[TASK PROMPT]: From the first line to the last, output the data exactly as it stands, minus its pictures.

··· RECORDED DATA ···

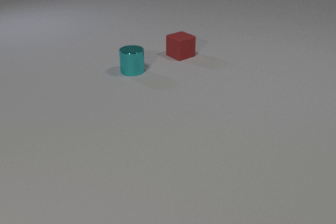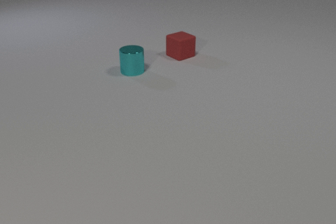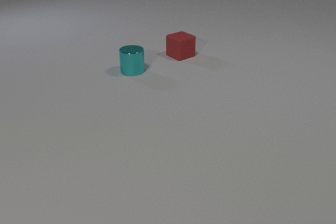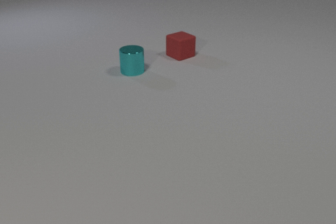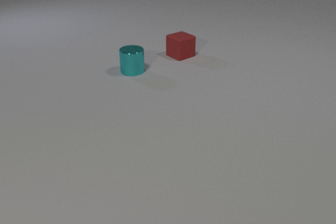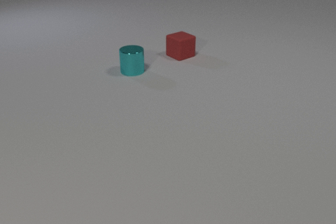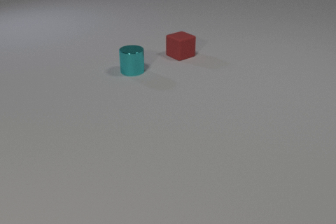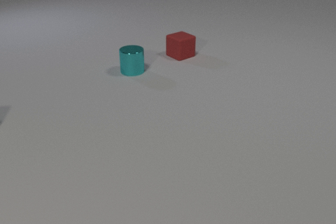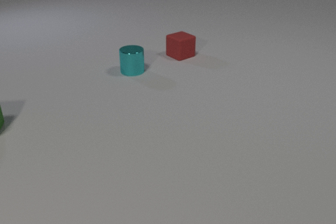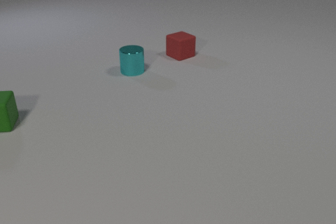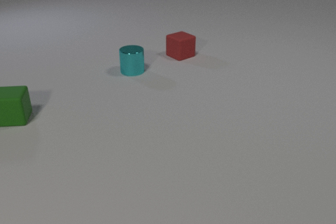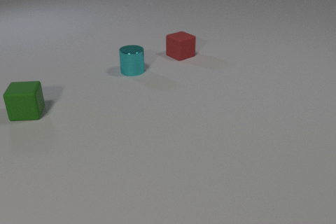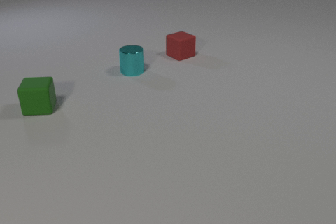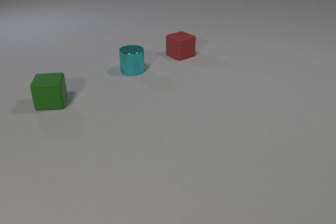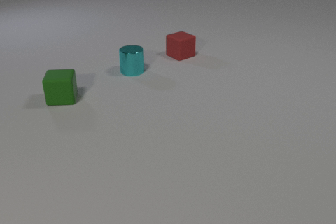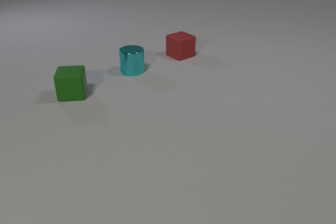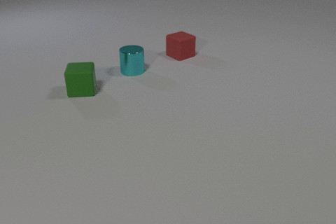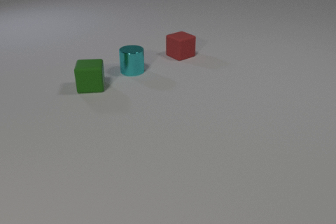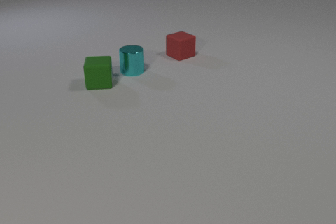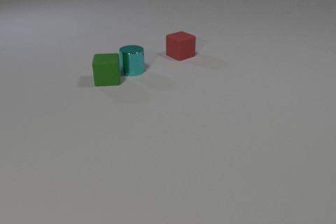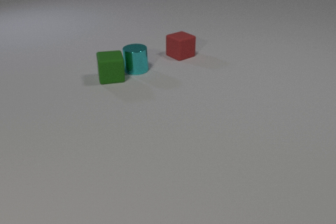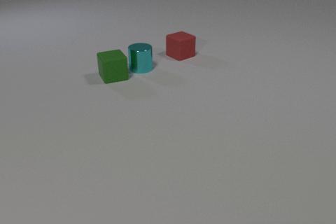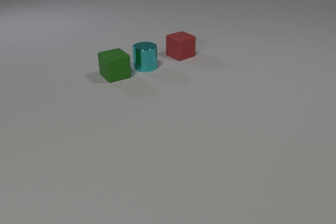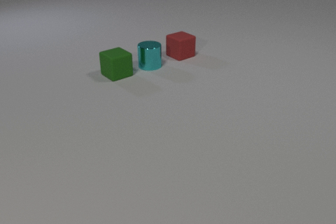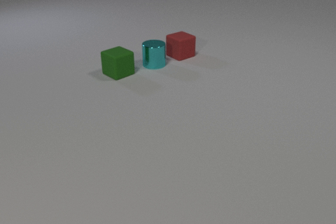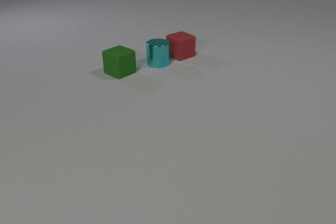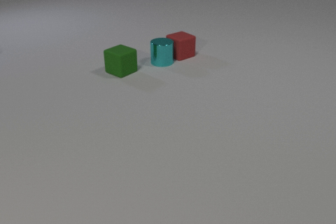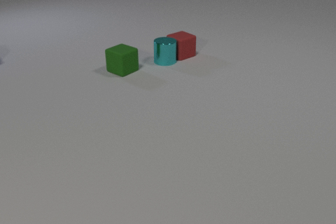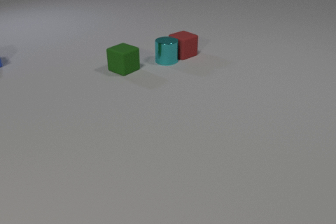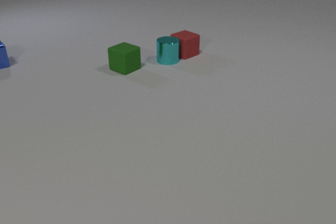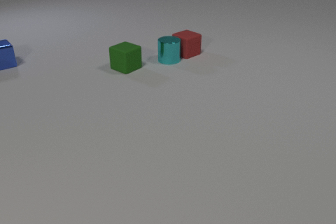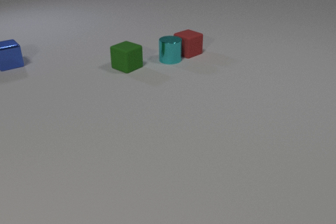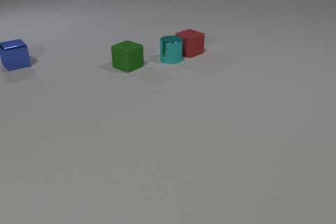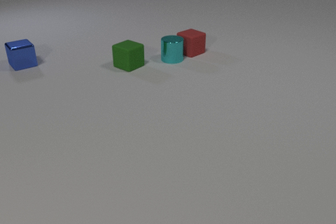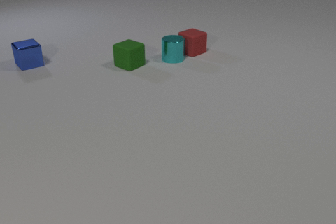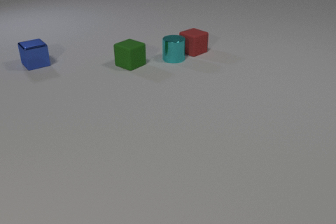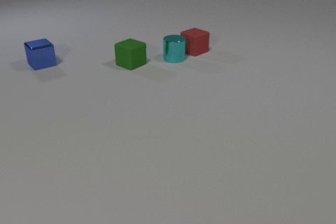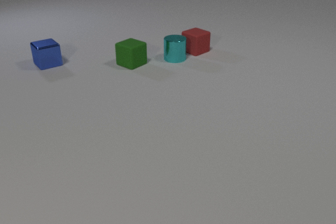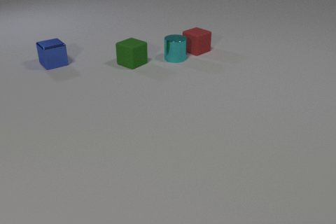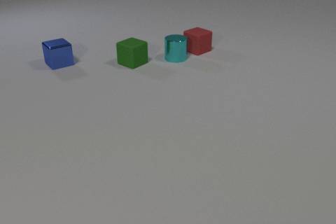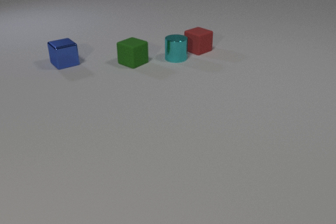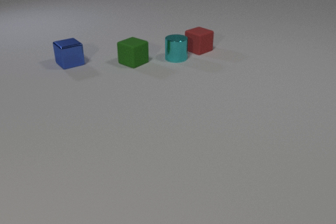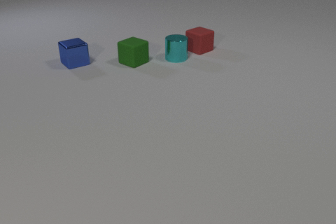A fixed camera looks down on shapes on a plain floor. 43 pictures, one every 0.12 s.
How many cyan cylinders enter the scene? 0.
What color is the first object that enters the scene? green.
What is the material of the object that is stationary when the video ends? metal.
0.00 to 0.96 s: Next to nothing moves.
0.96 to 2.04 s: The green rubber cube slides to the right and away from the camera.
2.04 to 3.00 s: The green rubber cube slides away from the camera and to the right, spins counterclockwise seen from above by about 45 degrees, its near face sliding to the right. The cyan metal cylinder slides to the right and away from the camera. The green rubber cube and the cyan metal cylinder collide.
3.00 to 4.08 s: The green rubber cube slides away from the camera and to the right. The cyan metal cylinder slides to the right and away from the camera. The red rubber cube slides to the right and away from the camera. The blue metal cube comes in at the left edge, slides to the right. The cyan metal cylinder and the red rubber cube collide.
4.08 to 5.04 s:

···

[RESPONSE TO THE EXERCISE]:
A fixed camera looks down on shapes on a plain floor. 43 pictures, one every 0.12 s.
How many cyan cylinders enter the scene? 0.
What color is the first object that enters the scene? green.
What is the material of the object that is stationary when the video ends? metal.
0.00 to 0.96 s: Next to nothing moves.
0.96 to 2.04 s: The green rubber cube slides to the right and away from the camera.
2.04 to 3.00 s: The green rubber cube slides away from the camera and to the right, spins counterclockwise seen from above by about 45 degrees, its near face sliding to the right. The cyan metal cylinder slides to the right and away from the camera. The green rubber cube and the cyan metal cylinder collide.
3.00 to 4.08 s: The green rubber cube slides away from the camera and to the right. The cyan metal cylinder slides to the right and away from the camera. The red rubber cube slides to the right and away from the camera. The blue metal cube comes in at the left edge, slides to the right. The cyan metal cylinder and the red rubber cube collide.
4.08 to 5.04 s:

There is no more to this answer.